En estos días se habla de lo que ya sabíamos. Políticos han negociado con las maras. ¿Todos? No. Pero muchos, o algunos, los principales. Los suficientes al menos para afirmar que siempre encontraremos alguno que lo haya hecho de la izquierda hasta la derecha, pasando por los que los separan, o piensan separar, siendo diferentes, o pretendiéndolo.

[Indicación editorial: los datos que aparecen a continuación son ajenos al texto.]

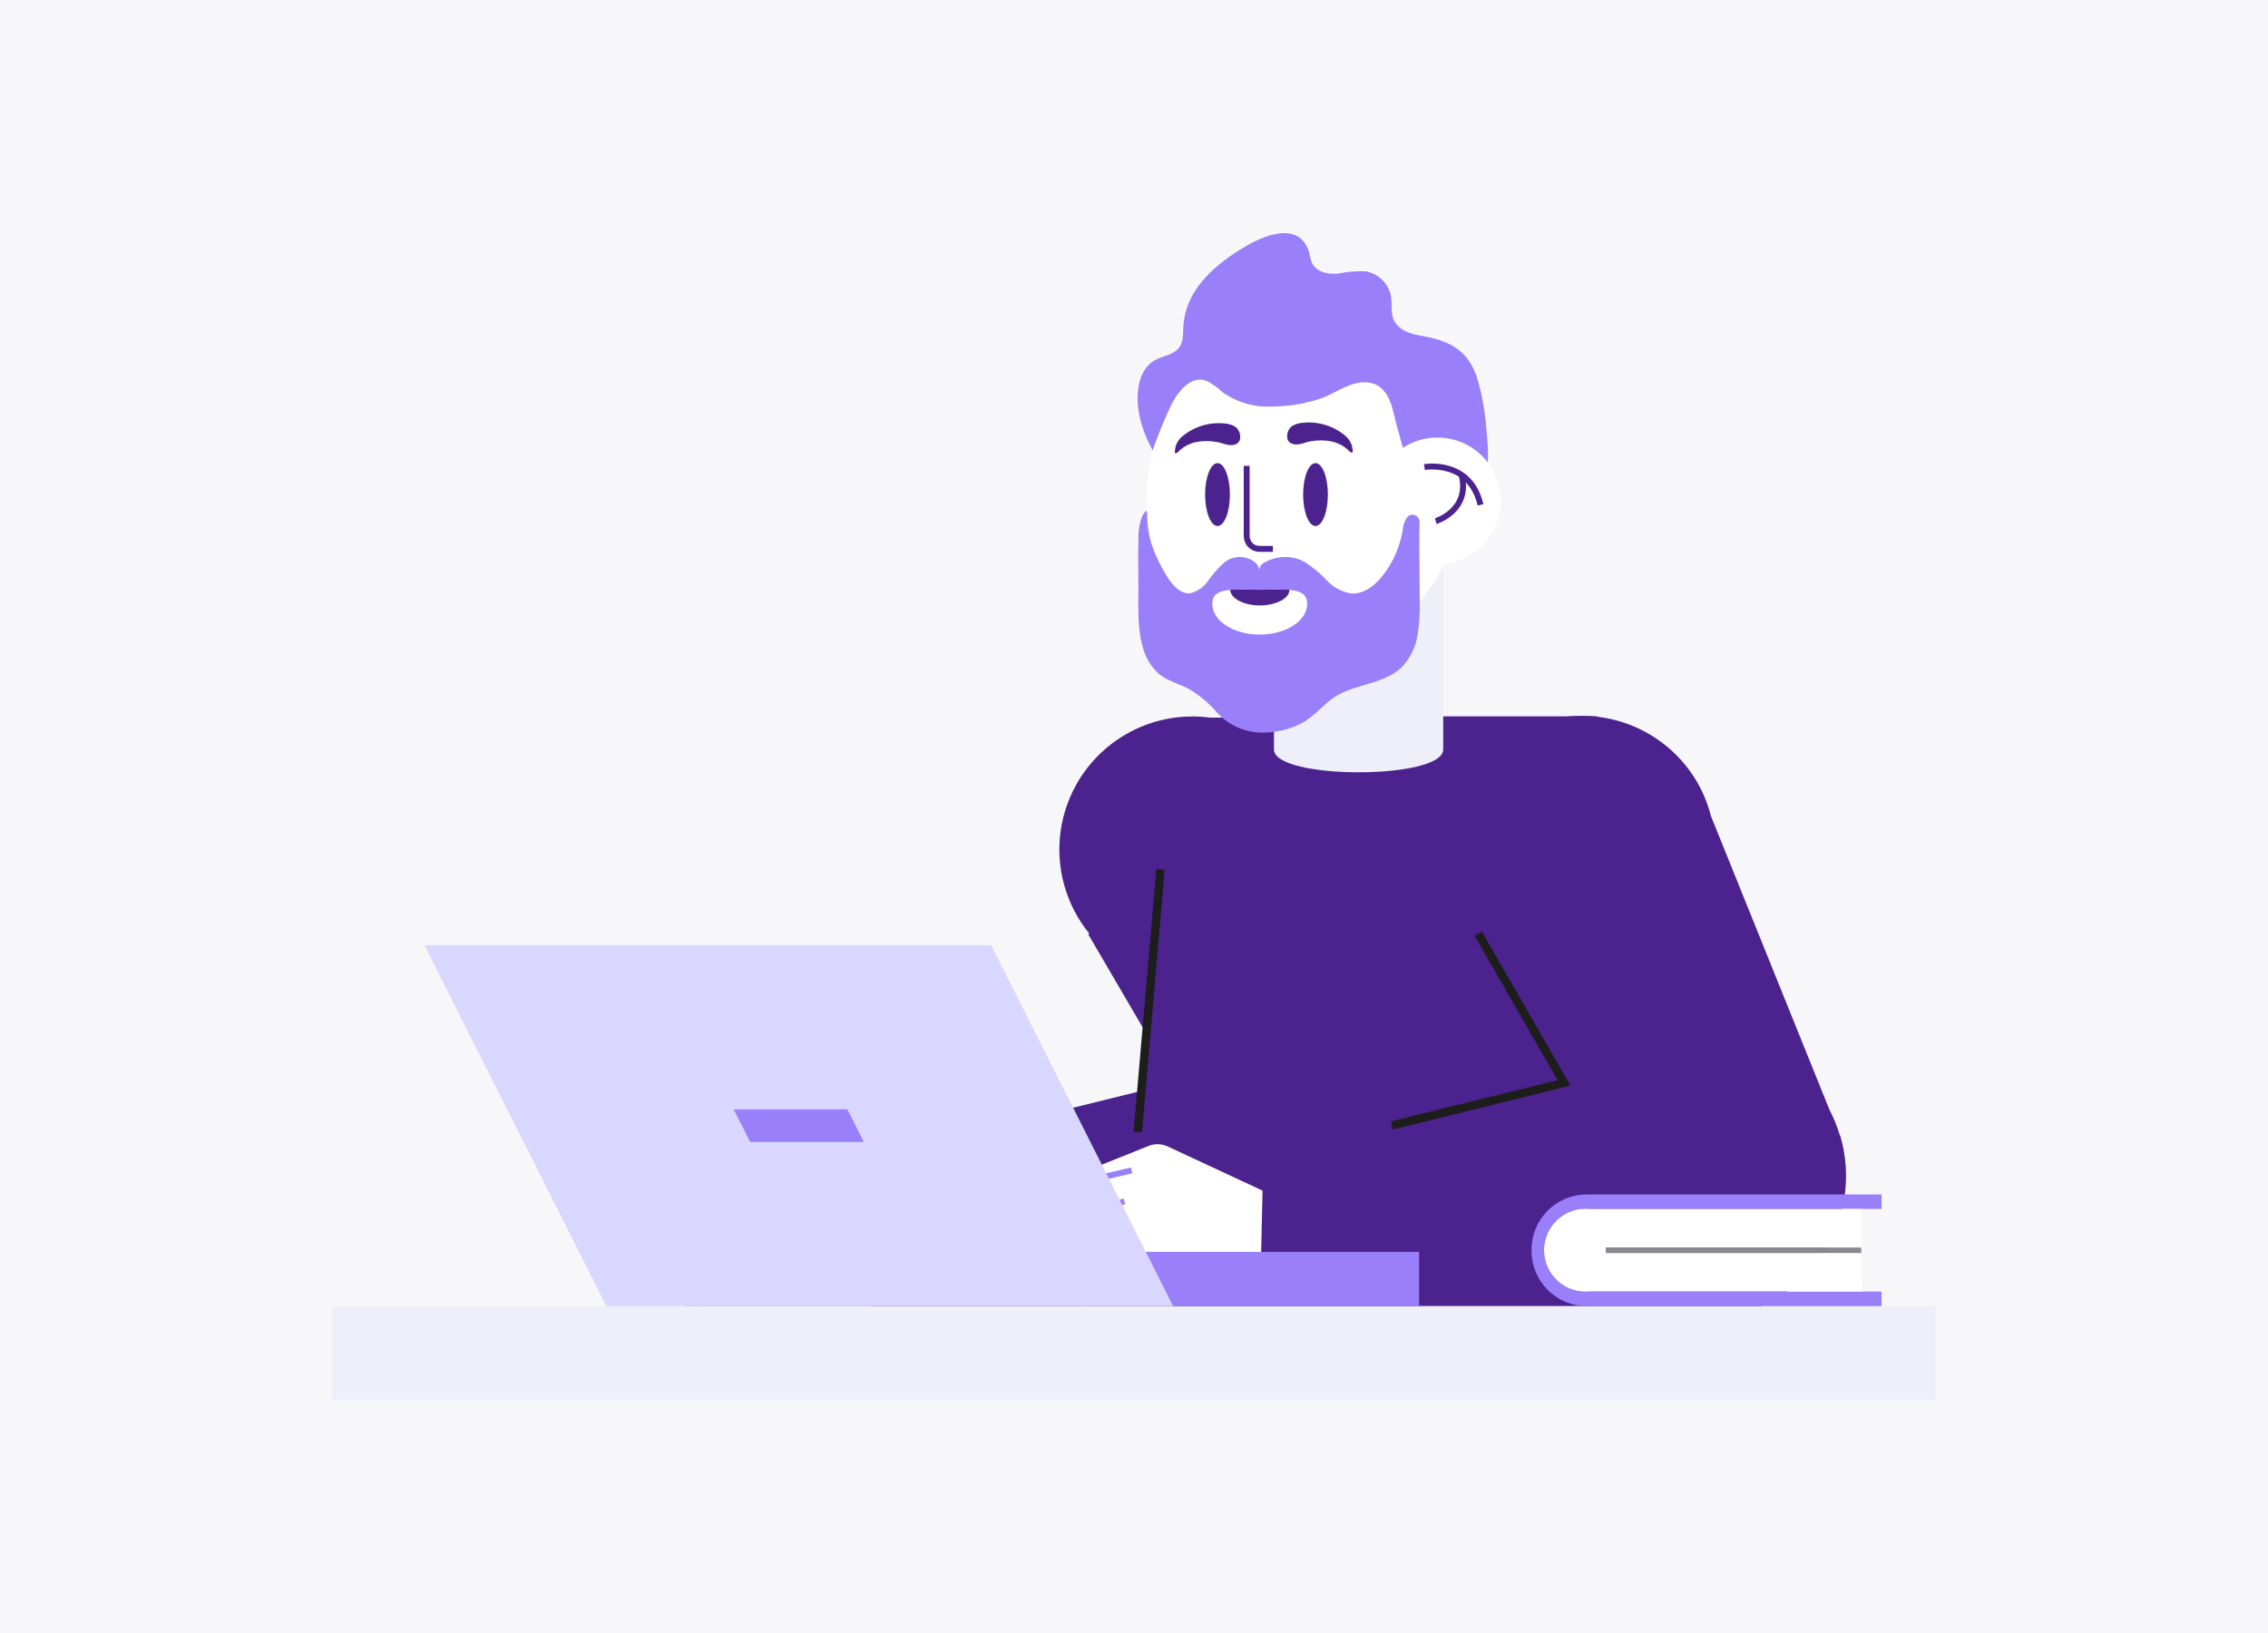 <?xml version="1.0" encoding="UTF-8"?><svg xmlns="http://www.w3.org/2000/svg" xmlns:xlink="http://www.w3.org/1999/xlink" viewBox="0 0 1500 1080"><defs><style>.cls-1,.cls-2,.cls-3,.cls-4,.cls-5{fill:none;}.cls-6{clip-path:url(#clippath);}.cls-2{stroke:#4c238e;}.cls-2,.cls-3{stroke-width:3.92px;}.cls-2,.cls-3,.cls-4,.cls-5{stroke-miterlimit:10;}.cls-3,.cls-4{stroke:#9980fa;}.cls-7{fill:#f7f7fa;}.cls-8{fill:#fff;}.cls-9{fill:#efeffa;}.cls-10{fill:#9980fa;}.cls-11{fill:#d9d7ff;}.cls-12{fill:#898a8d;}.cls-13{fill:#4c238e;}.cls-4{stroke-width:3.96px;}.cls-5{stroke:#1d1d1b;stroke-width:5.57px;}</style><clipPath id="clippath"><rect class="cls-1" x="219.87" y="153.89" width="1060.26" height="772.23"/></clipPath></defs><g id="Gray_purple_background"><rect class="cls-7" x="0" width="1500" height="1080"/></g><g id="Illustrations"><g class="cls-6"><g><path class="cls-7" d="M417.71,828c-.47,1.22-2.03,1.49-3.14,2-2.81,1.21-5.57,2.47-8.27,3.92-2.86,1.4-5.35,3.47-7.23,6.04-.37,.8-.58,1.66-.62,2.54-.03,.88,.1,1.76,.41,2.58,.31,.83,.79,1.58,1.39,2.21,.62,.64,1.35,1.14,2.16,1.49,3.1,1.39,6.52,1.87,9.88,1.41,1.72-.19,3.42-.48,5.1-.86-1.07,.96-1.91,2.14-2.47,3.45-.86,1.19-1.45,2.55-1.75,3.99-.3,1.44-.3,2.92,.03,4.36,.67,1.58,1.79,2.93,3.23,3.86,1.44,.93,3.13,1.4,4.84,1.36,4.79-.07,9.56-.6,14.24-1.57l9.07-1.1,4.43-.51c1.29-.3,2.62-.37,3.93-.2-.46,.97-.83,1.98-1.1,3.02-.68,1.53-.84,3.24-.43,4.86,1.45,3.92,5.76,3.02,9.1,2.75l10.48-.9c7.02-.63,14-1.29,20.99-2.08l10.36-1.18c6.7-.86,13.41-1.76,20-3.18,0,0,47.59-8.94,57.09-6.51l25.62-79.91-57.56-12.87c-12.39-2.75-24.74-5.65-37.14-8.24-5.69-1.47-11.66-1.47-17.35,0-8.93,2.45-16.82,7.77-22.43,15.14-1.99,2.77-3.64,5.76-4.95,8.91-1.17,2.71-2.43,5.37-3.57,8.12-.47,.85-.76,1.78-.86,2.75-.09,.96,.01,1.94,.31,2.86,1.33,2.32,5.02,.28,6.67-.59,1.91-1.19,3.75-2.5,5.5-3.92,3.29-2.43,6.64-5.18,10.12-7.3,1.5-1.08,3.24-1.76,5.08-1.99,1.82-.23,3.67,.01,5.39,.69,1.57,.82,3.5,2.79,2.24,4.63-.8,.96-1.87,1.65-3.05,2-15.7,6.47-31.4,12.59-47.32,18.24l-3.93,1.41h-.27c-5.73,1.59-11.29,3.79-16.55,6.55-2.47,1.45-4.52,3.52-5.93,6-.49,.93-.86,1.92-1.1,2.94-.12,.95-.33,1.88-.64,2.79h0Z"/><path class="cls-3" d="M452.94,863.03l55.16-9.26"/><path class="cls-3" d="M414.73,849.61l55.19-9.26,30.18-10.55"/><path class="cls-3" d="M416.81,828.7l55.21-9.26,28.95-12.08"/><path class="cls-13" d="M959.54,750.79c-1.73-5.77-4-11.37-6.79-16.71l-79.76-197.22c-1.62-5.54-3.79-10.9-6.47-16.01l-1.38-3.37-.36,.24c-6.09-10.51-14.28-19.65-24.08-26.83-9.79-7.19-20.97-12.27-32.82-14.93-11.85-2.66-24.12-2.83-36.05-.51-11.91,2.32-23.23,7.08-33.22,13.98-10,6.9-18.45,15.8-24.83,26.13-6.39,10.33-10.56,21.87-12.27,33.9-1.72,12.02-.92,24.27,2.34,35.97,3.26,11.7,8.9,22.6,16.59,32.01l-.71,.47,57.35,98.08-199.1,49.16-2.36,104.24,292.9,2.67h1.66c14.58-.17,28.94-3.73,41.93-10.39,12.98-6.66,24.25-16.24,32.91-27.99,8.65-11.75,14.48-25.35,16.98-39.72,2.52-14.38,1.66-29.14-2.49-43.13v-.04Z"/><path class="cls-13" d="M1056.24,473.78h-136.72l-143.35,1.02-34.64,395.37h355.94l-41.23-396.39Z"/><path class="cls-5" d="M767.53,574.96l-15.02,173.76"/><path class="cls-8" d="M723.94,779.47c-.44-1.82-.24-3.74,.61-5.42,.84-1.68,2.25-3,3.99-3.72l31.04-12.44c2.03-.82,4.21-1.21,6.4-1.15,2.19,.06,4.36,.57,6.34,1.5l67.44,31.39v51l-31.78,18.52c-1.76,1.02-3.7,1.68-5.73,1.95-2.02,.26-4.07,.12-6.03-.42l-40.33-11.3-37.9,14.01c-1.42,.5-2.96,.48-4.37-.07-1.39-.55-2.55-1.58-3.24-2.92-.71-1.33-.89-2.87-.55-4.33s1.22-2.75,2.43-3.63l22.68-15.69-34.25,12.36c-1.56,.73-3.33,.82-4.95,.26-1.61-.56-2.96-1.73-3.73-3.27-.77-1.53-.9-3.3-.4-4.94,.52-1.64,1.64-3.01,3.16-3.82l21.74-14.59-28.05,1.57c-1.5,.38-3.08,.21-4.47-.49-1.38-.69-2.46-1.86-3.05-3.29-.59-1.43-.65-3.02-.16-4.49,.49-1.47,1.5-2.71,2.83-3.5l39.66-11.53-16.56,.59-11.5,.39c-3.41,0-8.31,.31-10.27-3.18-.59-1.18-.83-2.5-.71-3.81,.13-1.31,.62-2.56,1.41-3.61,2.59-2.75,6.03-4.52,9.78-5.02,4.31-1.06,8.67-1.92,12.98-2.9l7.26-1.84c2.47-.63,5.1-1.02,7.5-1.88l.81-.27Z"/><path class="cls-4" d="M701.94,807.12l41.74-12.63"/><path class="cls-4" d="M704.18,830.82l39-18.4"/><path class="cls-4" d="M716.58,849.41l32.24-19.54"/><path class="cls-4" d="M710.46,782.88l38-8.83"/><path class="cls-13" d="M1216.81,750.79c-1.72-5.77-3.99-11.37-6.79-16.71l-78.45-194.43c-1.97-7.7-4.98-15.1-8.9-22.01h0c-6.09-10.58-14.31-19.77-24.14-27.01-9.82-7.24-21.04-12.37-32.94-15.05-11.9-2.69-24.24-2.88-36.21-.56-11.99,2.32-23.35,7.1-33.4,14.03-10.03,6.94-18.54,15.88-24.94,26.26-6.42,10.38-10.61,21.98-12.3,34.07-1.7,12.08-.87,24.39,2.42,36.14s8.99,22.69,16.73,32.12l-.62,.43,57.35,98.08-199.1,49-2.36,104.24,292.9,2.67h1.64c14.59-.17,28.95-3.73,41.94-10.39,12.98-6.66,24.24-16.24,32.91-27.99,8.65-11.75,14.46-25.35,16.98-39.72s1.66-29.14-2.5-43.13l-.24-.04Z"/><path class="cls-5" d="M920.59,744.32l113.8-28.17-56.73-98.67"/><path class="cls-9" d="M1280.13,863.78H219.87v62.34H1280.13v-62.34Z"/><path class="cls-10" d="M938.54,827.92H462.32v35.86h476.22v-35.86Z"/><path class="cls-11" d="M775.86,863.77H401l-120.32-238.6h374.89l120.29,238.6Z"/><path class="cls-10" d="M571.34,755.26h-75.16l-10.95-21.58h75.16l10.95,21.58Z"/><path class="cls-9" d="M954.51,495.67c0,20.12-111.94,20.12-111.94,0v-122.87h111.94v122.87Z"/><path class="cls-8" d="M963.61,333.88c0,61.59-62.76,111.53-124.25,111.53s-81-49.94-81-111.53,32.12-111.53,93.71-111.53c29.59,0,57.96,11.75,78.87,32.67,20.92,20.92,32.67,49.29,32.67,78.87h0Z"/><path class="cls-10" d="M762.36,297.83c3.66-10.57,7.91-20.91,12.74-30.99,3.93-7.45,12.52-19.26,23.31-14.79,3.62,1.93,6.96,4.35,9.93,7.18,9.68,6.94,21.45,10.34,33.35,9.61,11.08-.06,22.08-1.93,32.55-5.53,9.5-3.57,18.05-10.67,28.73-10.47,11.45,.2,16.19,9.65,18.48,19.38,7.48,31.58,20.83,61.59,9.57,94.16-1.57,4.47,18.24-2.16,20.08-2.86,32.25-12.52,35.32-49.75,31.97-79.48-.83-11.89-2.99-23.66-6.43-35.07-6.43-18.44-19.26-23.93-37.31-26.99-8.08-1.37-17.14-4.86-18.55-13.81-.71-4.32,0-8.79-.99-13.06-.92-4-3.02-7.63-6.02-10.43-3.01-2.8-6.79-4.63-10.85-5.26-6.09-.19-12.19,.32-18.16,1.53-6.07,.55-13.1-.75-16.33-5.85-2.12-3.37-2.07-7.85-3.72-11.3-8.59-18.48-33.04-6.04-44.97,1.53-18.51,11.77-35.81,27.46-37.1,50.69,0,2.95-.21,5.9-.64,8.83-2.36,11.42-14.5,9.18-21.45,15.69-3.13,2.93-5.39,6.66-6.55,10.79-4.52,15.57,.93,33.23,8.36,46.53Z"/><path class="cls-8" d="M950.71,373.11c23.11,0,41.86-18.74,41.86-41.86s-18.74-41.86-41.86-41.86-41.86,18.74-41.86,41.86,18.74,41.86,41.86,41.86Z"/><path class="cls-13" d="M805.24,347.88c4.52,0,8.19-9.31,8.19-20.79s-3.67-20.79-8.19-20.79-8.21,9.31-8.21,20.79,3.67,20.79,8.21,20.79Z"/><path class="cls-13" d="M870.05,347.88c4.53,0,8.19-9.31,8.19-20.79s-3.66-20.79-8.19-20.79-8.19,9.31-8.19,20.79,3.66,20.79,8.19,20.79Z"/><path class="cls-2" d="M824.53,308.06v46.49c0,1.11,.22,2.2,.65,3.23,.41,1.02,1.04,1.95,1.82,2.74,.79,.78,1.72,1.4,2.74,1.83,1.02,.42,2.12,.64,3.23,.64h8.9"/><path class="cls-2" d="M942.08,308.89s30-5.3,37.1,24.99"/><path class="cls-2" d="M949.57,344.67s22.92-6.98,17.14-30.48"/><path class="cls-13" d="M816.19,281.78c.71,.35,1.36,.83,1.91,1.41,1.29,1.44,2.04,3.29,2.12,5.22,.12,1.01,0,2.03-.36,2.98-.36,.72-.87,1.34-1.51,1.82-.64,.48-1.38,.81-2.16,.96-3.93,.94-7.62-1.25-11.42-1.84-4.5-.84-9.11-.84-13.62,0-3.76,.79-7.29,2.47-10.28,4.9-.86,.71-2.12,2.47-3.33,2.59-1.21,.12,0-3.92,0-4.75,.79-2.32,2.13-4.42,3.93-6.08,4.02-3.46,8.73-6.04,13.81-7.56,5.08-1.52,10.43-1.95,15.69-1.26,1.82,.23,3.59,.77,5.23,1.61Z"/><path class="cls-13" d="M855.41,281.31c-.71,.37-1.38,.85-1.96,1.41-1.29,1.46-2.03,3.31-2.12,5.26-.12,.99,0,2,.36,2.94,.34,.73,.86,1.36,1.5,1.85,.65,.49,1.39,.82,2.19,.97,3.91,.94,7.6-1.25,11.41-1.88,4.5-.82,9.11-.82,13.62,0,3.79,.79,7.33,2.48,10.31,4.94,.87,.71,2.12,2.43,3.38,2.55,1.26,.12,0-3.92,0-4.71-.77-2.32-2.12-4.41-3.93-6.08-4.02-3.47-8.71-6.06-13.79-7.58-5.1-1.52-10.45-1.95-15.71-1.25-1.82,.22-3.6,.75-5.26,1.57h0Z"/><path class="cls-10" d="M938.97,396.18l-.27-35.31v-8.98c.24-2.69,.24-5.39,0-8.08-.22-.79-.65-1.51-1.23-2.08-.59-.57-1.32-.98-2.12-1.19-.8-.2-1.63-.19-2.41,.03-.8,.22-1.51,.65-2.09,1.24-1.88,2.58-2.96,5.64-3.14,8.83-1.79,10.83-6.25,21.05-12.98,29.74-5.22,6.71-12.64,12.63-20.88,12.12-6.16-.91-11.84-3.88-16.08-8.43-4.36-4.62-9.23-8.73-14.52-12.24-4.04-2.28-8.62-3.47-13.26-3.47s-9.22,1.19-13.26,3.47h-.19c-1.07,.55-2,1.35-2.71,2.31-.59,.93-.95,2-1.02,3.1h0c-.07-1.07-.33-2.12-.79-3.1-.49-.91-1.19-1.71-2.03-2.31-2.87-2.25-6.42-3.47-10.05-3.47s-7.19,1.22-10.05,3.47c-4.03,3.62-7.63,7.69-10.76,12.12-2.83,4.28-7.2,7.3-12.19,8.43-6.24,.51-11.78-5.41-15.69-12.12-4.06-6.57-7.36-13.59-9.81-20.91-1.94-6.65-2.86-13.55-2.76-20.48,0-2.79-2.86,1.57-3.13,2.24-1.9,4.9-2.79,10.13-2.64,15.38-.31,10.91,0,21.81,0,32.68,0,12.63-.71,25.62,2.64,37.94,1.63,6.9,5.23,13.18,10.36,18.09,5.76,5.18,13.84,6.83,20.51,10.55,6.46,3.78,12.28,8.55,17.26,14.12,3.93,4.69,8.83,8.43,14.39,10.97,5.56,2.53,11.6,3.79,17.71,3.67,8.47-.11,16.8-2.09,24.4-5.81,7.54-3.92,13.23-10.4,19.62-15.69,13.85-11.02,34.14-9.41,47.09-21.58,5.62-5.78,9.3-13.15,10.59-21.11,1.27-7.98,1.78-16.06,1.48-24.13h0Z"/><path class="cls-8" d="M864.55,399.32c0-11.26-14.05-9.26-31.38-9.26s-31.38-2-31.38,9.26,14,20.36,31.38,20.36,31.38-9.14,31.38-20.36Z"/><path class="cls-13" d="M833.21,390.06c-7.5,0-14.33-.35-19.62,0,.27,5.73,8.98,10.36,19.62,10.36s19.62-4.63,19.62-10.36c-5.26-.35-12.16,0-19.62,0Z"/><path class="cls-10" d="M1230.97,854.16h-179.39c-3.84,.41-7.72,.01-11.38-1.17-3.67-1.19-7.04-3.13-9.91-5.7-2.86-2.58-5.16-5.73-6.73-9.24-1.57-3.52-2.39-7.33-2.39-11.18s.81-7.66,2.39-11.18c1.57-3.52,3.87-6.67,6.73-9.25,2.87-2.58,6.24-4.52,9.91-5.7,3.66-1.19,7.54-1.59,11.38-1.17h192.86v-9.61h-195.03c-9.67,0-18.95,3.84-25.79,10.69-6.84,6.84-10.7,16.12-10.7,25.8v.86c0,4.79,.95,9.54,2.79,13.96,1.84,4.43,4.52,8.45,7.91,11.84,3.38,3.39,7.41,6.08,11.84,7.91,4.42,1.83,9.17,2.78,13.96,2.78h195.03v-9.61h-13.47Z"/><path class="cls-8" d="M1062.27,828.66v-3.61h168.7v-25.5h-179.39c-3.84-.41-7.72-.01-11.38,1.17-3.67,1.19-7.04,3.13-9.91,5.7-2.86,2.58-5.16,5.72-6.73,9.24-1.57,3.52-2.39,7.33-2.39,11.18s.81,7.66,2.39,11.18c1.57,3.52,3.87,6.67,6.73,9.25,2.87,2.58,6.24,4.52,9.91,5.7,3.66,1.19,7.54,1.58,11.38,1.17h179.39v-25.5h-168.7Z"/><path class="cls-12" d="M1230.97,825.06h-168.7v3.61h168.7v-3.61Z"/></g></g></g></svg>

Estamos hablando de eso ahora porque se ha llevado el tema al campo judicial. ¿Sí se hará justicia? Eso es una pregunta que nunca debería plantearse, en ninguna parte y en ningún momento, pero que surge demasiadas veces en nuestro país, además, como pregunta retórica que llama como respuesta obvia la negativa. Pero todo esto, ya lo sabíamos. Sabemos que los políticos suelen sentarse alrededor de una mesa pandillera, porque es relativamente obvio y porque, en efecto, ha sido demostrado con pruebas. Es obvio también porque muchos, y de nuevo, demasiados, salvadoreños tienen que estar en relación con las maras, por lo que sea, y diría para resumir, aquí en un sentido terriblemente literal: para (sobre)vivir.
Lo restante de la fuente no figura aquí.